Cosmologists currently use two simulation approaches. The first is an N-body simulation, which models how dark matter collapses under gravity. These simulations, when coupled with a semianalytical model, let astronomers model how galaxies form. The second is a hydrodynamical N-body simulation, which lets astronomers directly model how normal matter interacts with dark matter under gravitational collapse to form galaxies; this more computationally intensive approach directly shows how invisible clumps of dark matter, referred to as halos, influence star formation.
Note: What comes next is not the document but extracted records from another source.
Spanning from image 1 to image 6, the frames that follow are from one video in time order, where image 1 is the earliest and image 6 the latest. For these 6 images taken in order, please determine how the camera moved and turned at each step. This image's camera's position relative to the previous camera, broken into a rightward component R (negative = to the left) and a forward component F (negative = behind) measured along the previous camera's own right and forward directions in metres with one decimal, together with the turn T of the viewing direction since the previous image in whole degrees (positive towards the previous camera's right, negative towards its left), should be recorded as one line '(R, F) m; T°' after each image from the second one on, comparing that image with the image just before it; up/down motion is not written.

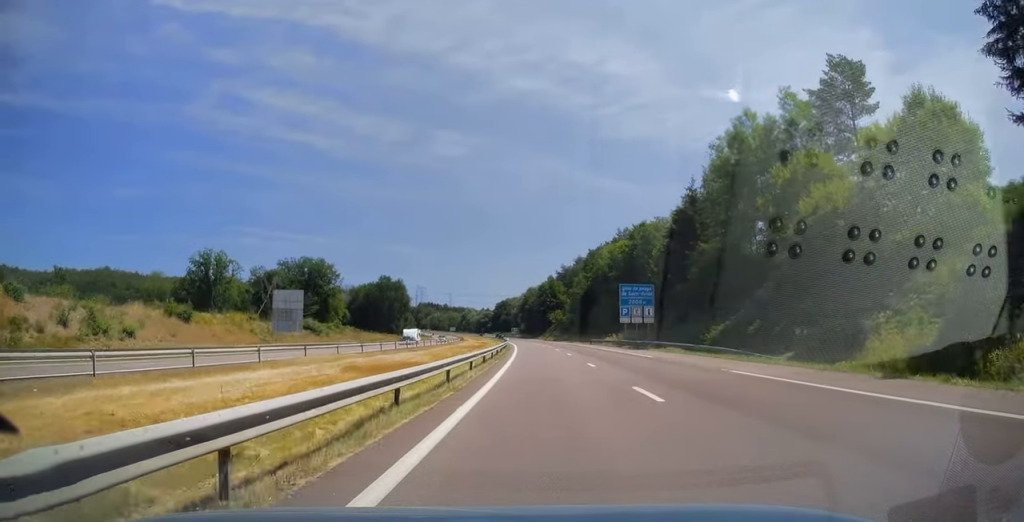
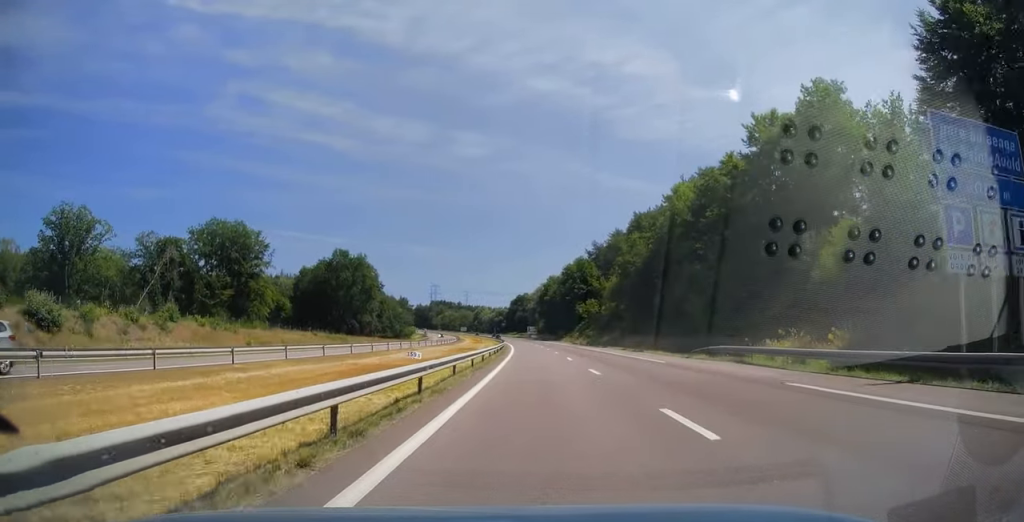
(-1.5, +57.0) m; -3°
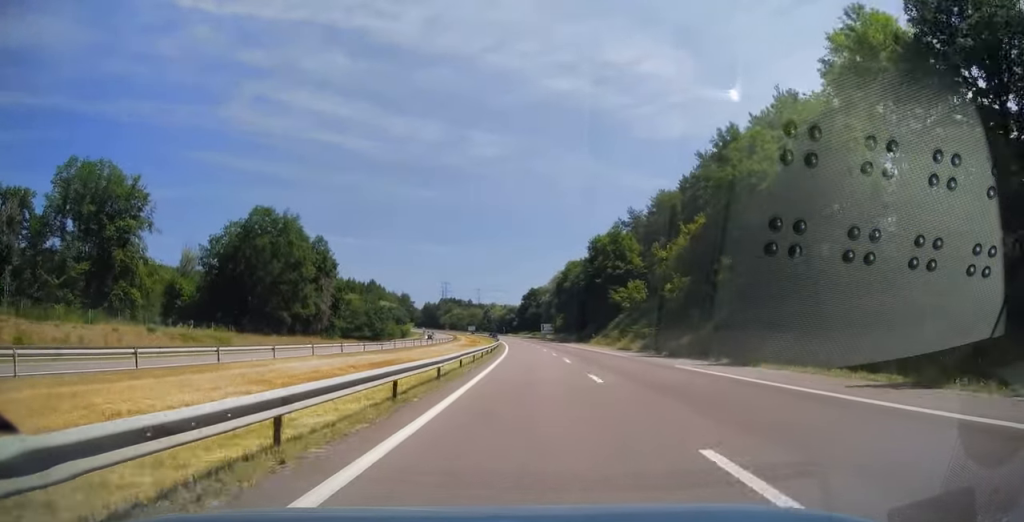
(-0.4, +43.3) m; -2°
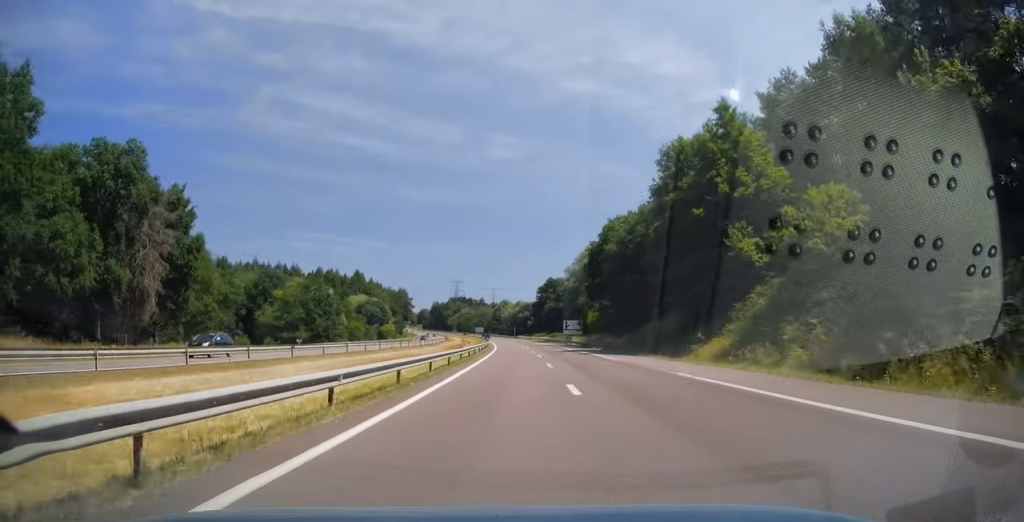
(-1.1, +55.9) m; -2°
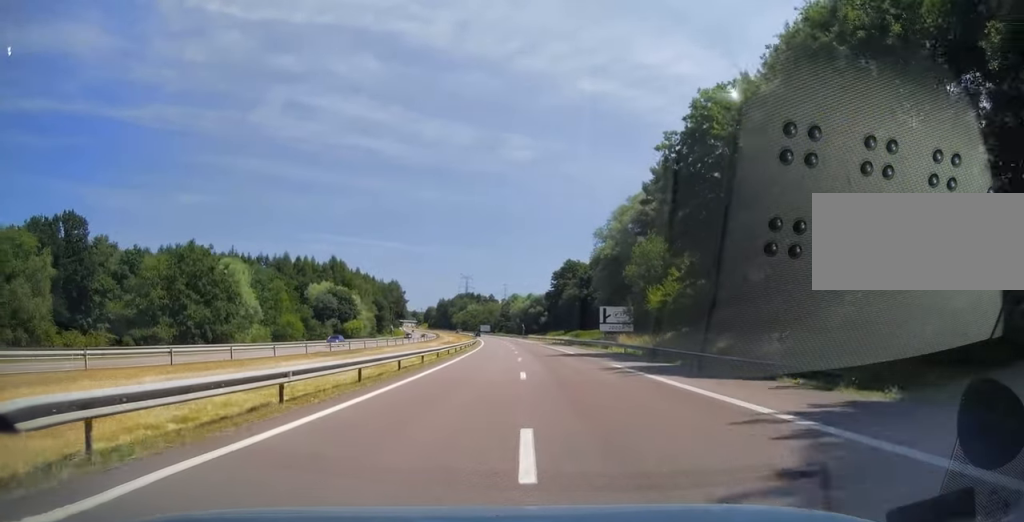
(-0.6, +47.8) m; -1°
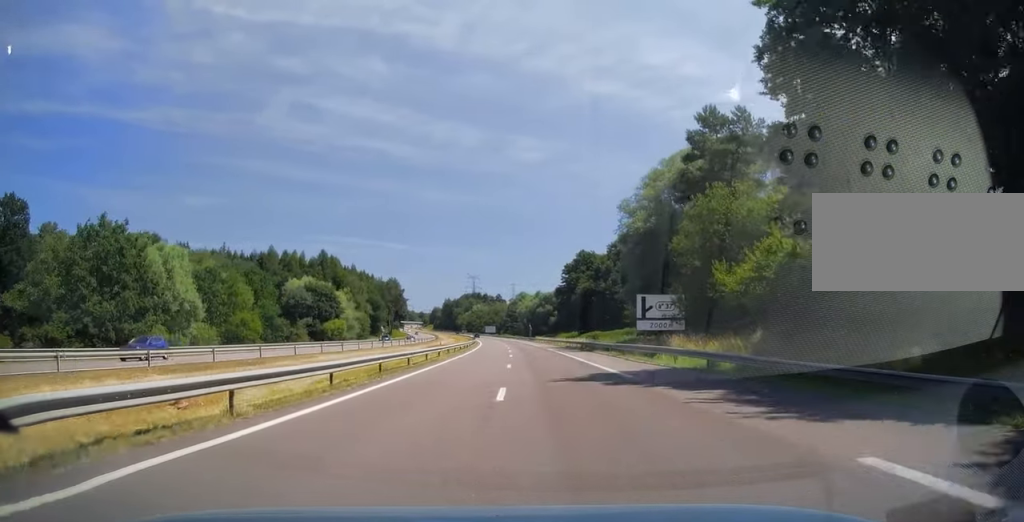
(0.0, +19.3) m; -1°

"Dark matter forms the hills and valleys for gravity. Gas particles fall into the valleys," Brunner said. "They mix to eventually form stars through a process we call hydrodynamics. It's a pretty complicated process, similar to how our atmosphere works."
Hydrodynamics, Brunner said, gives cosmologists the most accurate information when it is accounted for in N-body simulations. But there's a drawback to using hydrodynamical simulations: They take up millions of hours of supercomputing time, which racks up an often unaffordable bill for research projects.
"Semianalytical simulations take up thousands of hours as well," Kamdar said. "Our machine-learning approach will take mere minutes."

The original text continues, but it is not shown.